Dass es ihn vor erst drei Wochen nach München verschlagen hat, wo er an der Hochschule für Musik und Theater Orchesterleitung studiert, ist kein Zufall. Geboren im Süden, ausgebildet im Norden, träumte er schon lange davon in Deutschland musikalisch zu arbeiten. Deutsch sei für ihn die Sprache der Musik, er hat es in Finnland gelernt. Sein Traum sei es, irgendwann seine Lieblingsbücher, Hermann Hesses "Steppenwolf" und Thomas Manns "Tod in Venedig" im Original lesen zu können, erzählt er auf Englisch. Die Proben der Sinfonietta leitet er auf Deutsch, aber wie Ortega mit einem Augenzwinkern verrät: "Die besten Dirigenten sprechen wenig." Die Musiker der Sinfonietta hätten sich sichtlich gefreut wieder miteinander zu musizieren, erzählt Ortega, der inzwischen drei Proben geleitet hat. "Diese Musiker sind alle so motiviert, das würde jeden Dirigenten begeistern", schwärmt er.

Victor Bolarinwas Nachfolge anzutreten, ist eine große Aufgabe

Einmal in der Woche probt er für zwei bis drei Stunden in Dachau, bisher sei das die reinste Freude für ihn gewesen. Er wünscht sich eine "strahlende, enthusiastische Aufführung, bei der die Musik im Mittelpunkt steht." Parallel dazu probt er für eine zeitgenössische Oper an der Hochschule sowie ein Konzert in Augsburg, "Es ist gerade alles ein bisschen verrückt", sagt er. Dabei spürt man, wie streng er mit sich selbst sein kann: "Ich halte mich nicht für den allertalentiertesten Musiker, aber ich arbeite sehr hart und ich bereite mich immer gründlich vor", sagt Ortega, der für sein Gitarrenspiel zahlreiche Musikpreise gewonnen hat.

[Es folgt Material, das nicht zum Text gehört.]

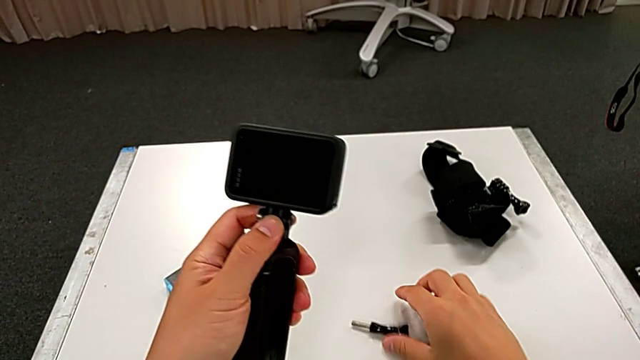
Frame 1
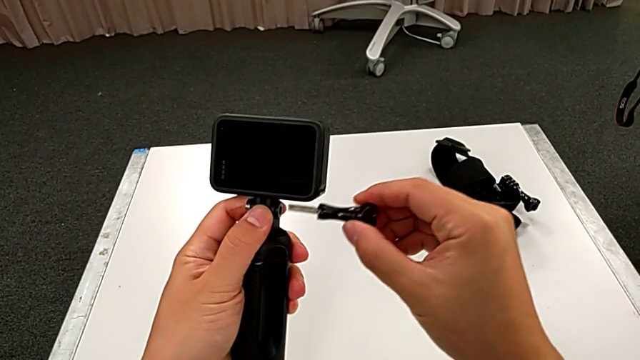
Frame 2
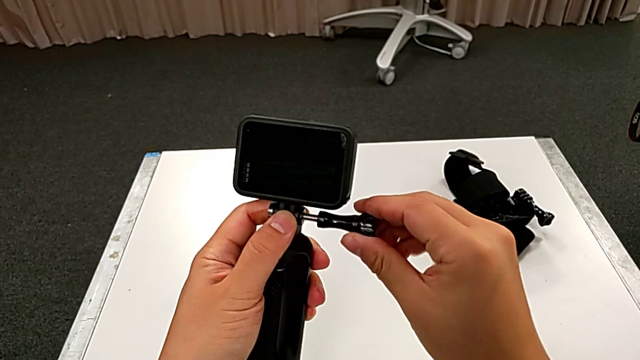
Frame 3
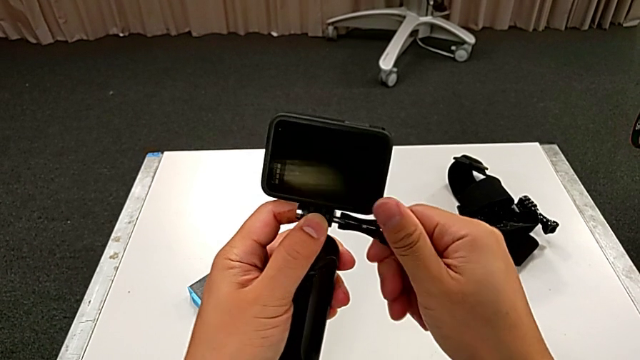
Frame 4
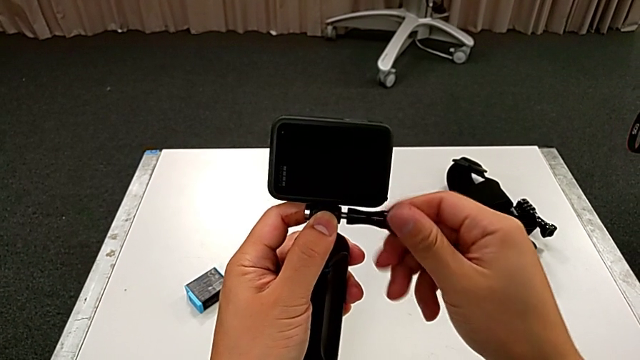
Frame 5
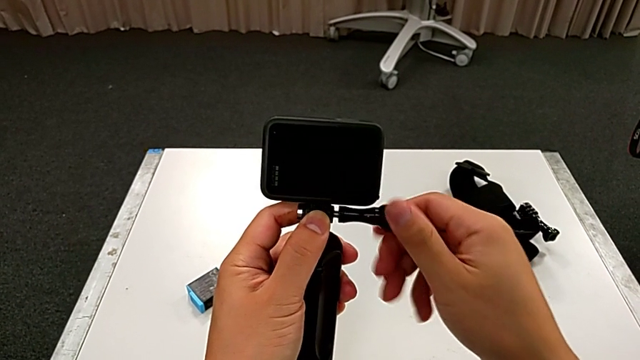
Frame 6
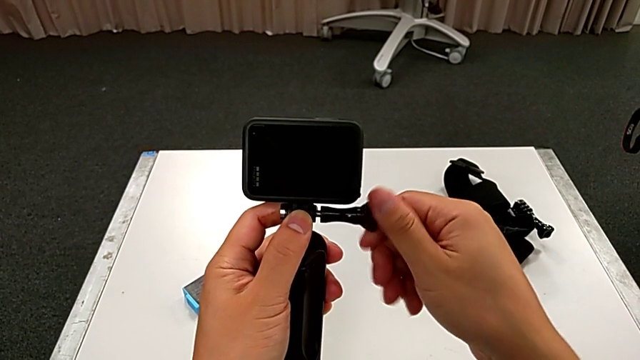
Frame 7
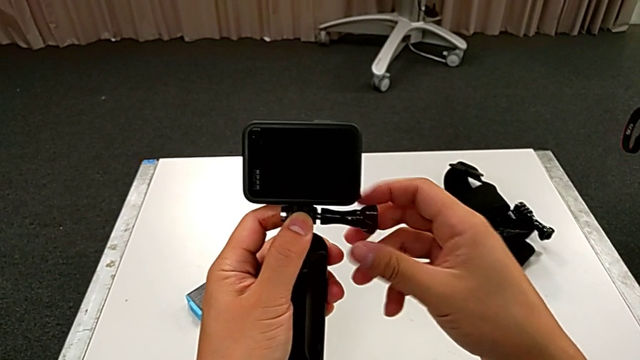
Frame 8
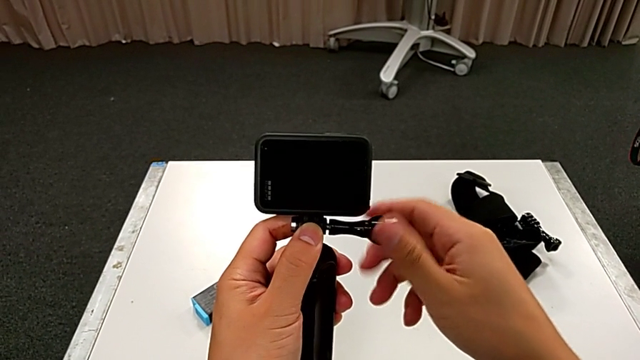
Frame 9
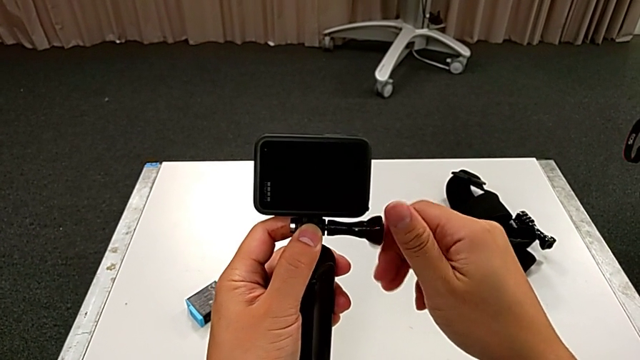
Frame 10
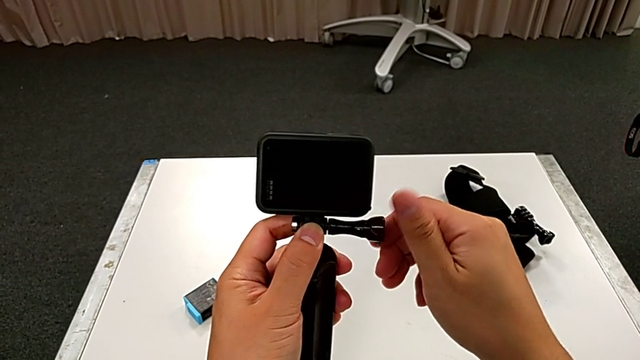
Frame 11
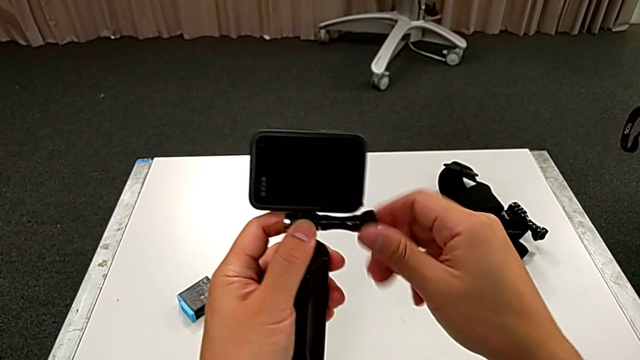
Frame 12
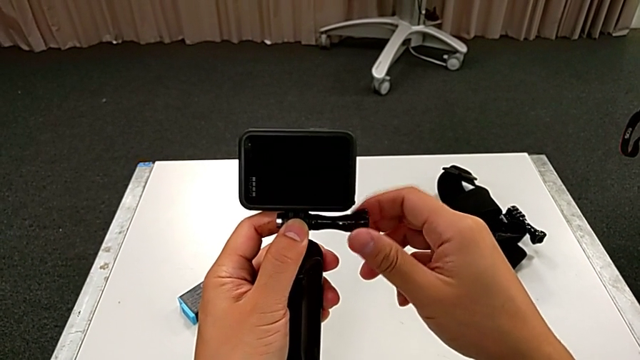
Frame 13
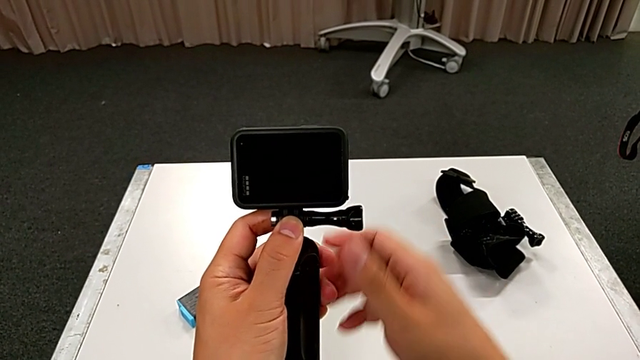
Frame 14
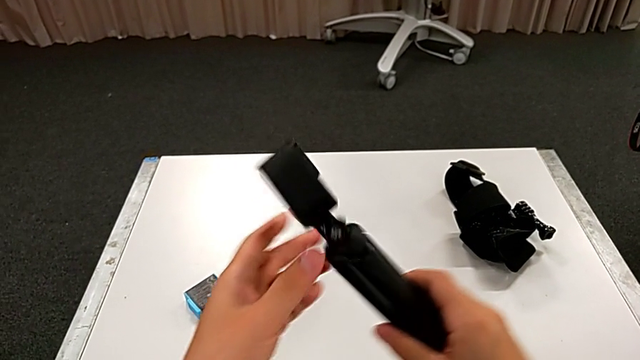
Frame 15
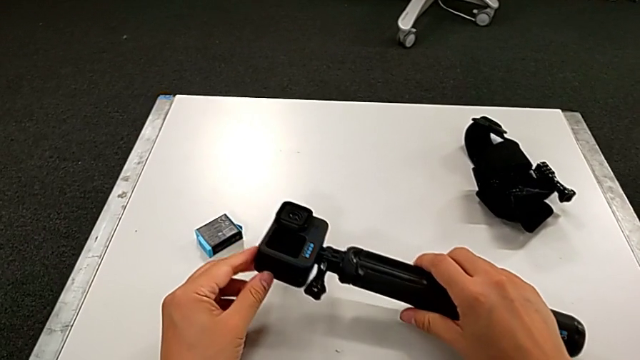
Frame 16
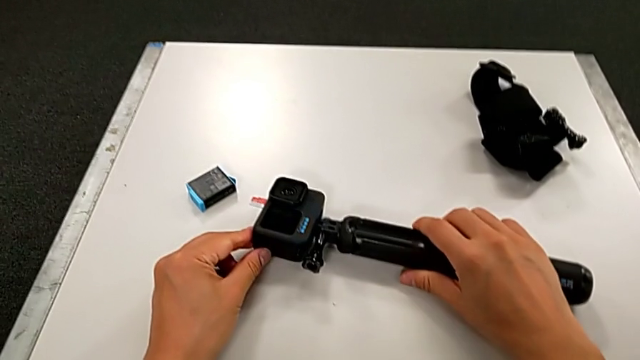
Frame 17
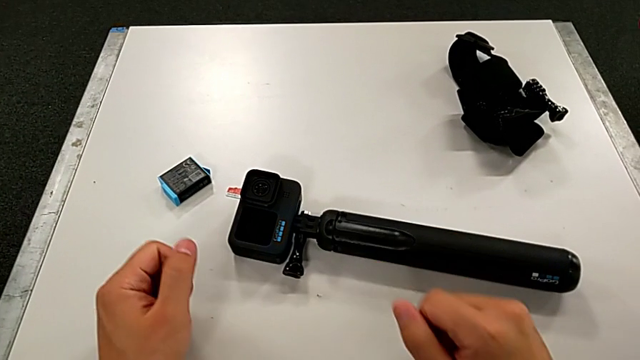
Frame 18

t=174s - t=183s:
The camera wearer is assembling the handheld grip on the GoPro. They lift the screw, grab the mounting peg, screw it and place the handheld grip.

Das Programm des Herbstkonzerts habe er noch nicht selbst gestalten können, doch es gefalle ihm sehr: Mit Beethoven, Bach und Mozart stünden seiner Meinung nach die "drei größten Komponisten aller Zeiten" auf dem Programm. Besonders Beethovens Ouvertüre zum Ballett "Die Geschöpfe des Prometheus" op. 43 gefalle ihm, die sei "so tragisch, so wundervoll, pure Freude". Mit einem Verweis auf die mythologische Figur des Prometheus, der den Menschen das Feuer brachte und dafür von Zeus bestraft wurde, fragt Ortega: "Sind wir nicht alle Söhne des Prometheus?" Zudem, findet der junge Spanier, sei dieser musikalische Auftakt ein "sehr guter Beginn für ein Konzert und zugleich ein Denkmal für Victor Bolarinwa". Leider habe er seinen Vorgänger nicht persönlich kennengelernt, aber er spüre, wie die Musiker ihn geliebt haben. "Er ist in der Erinnerung dieses Orchesters", sagt Ortega, er spüre eine große Verantwortung und Aufgabe, Bolarinwa nachzufolgen.

Bolarinwa war im Juli im Alter von 83 Jahren gestorben. Dem nigerianischen Gründer, Chefdirigenten und künstlerischen Leiter der Sinfonietta war es gelungen in Dachau ein klassisches Sinfonieorchester zu gründen, das sich halten konnte. Bolarinwa hatte erkannt, dass hier genügend begabte Laienmusiker und professionelle Musiker wohnen, die bereit sein könnten, neben ihrer beruflichen Tätigkeit in einem Dachauer Orchester zu proben und zu musizieren. Unter der Leitung Bolarinwas wurde die Sinfonietta Dachau zu einem anerkannten Klangkörper für klassische Musik.

Das von Jesús Ortega Martínez geleitete Herbstkonzert mit Werken von Beethoven, Bach und Mozart fußt noch teilweise auf der Programmauswahl von Victor Bolarinwa und findet am Samstag, 22. Oktober, um 19 Uhr im Schlosssaal Dachau statt.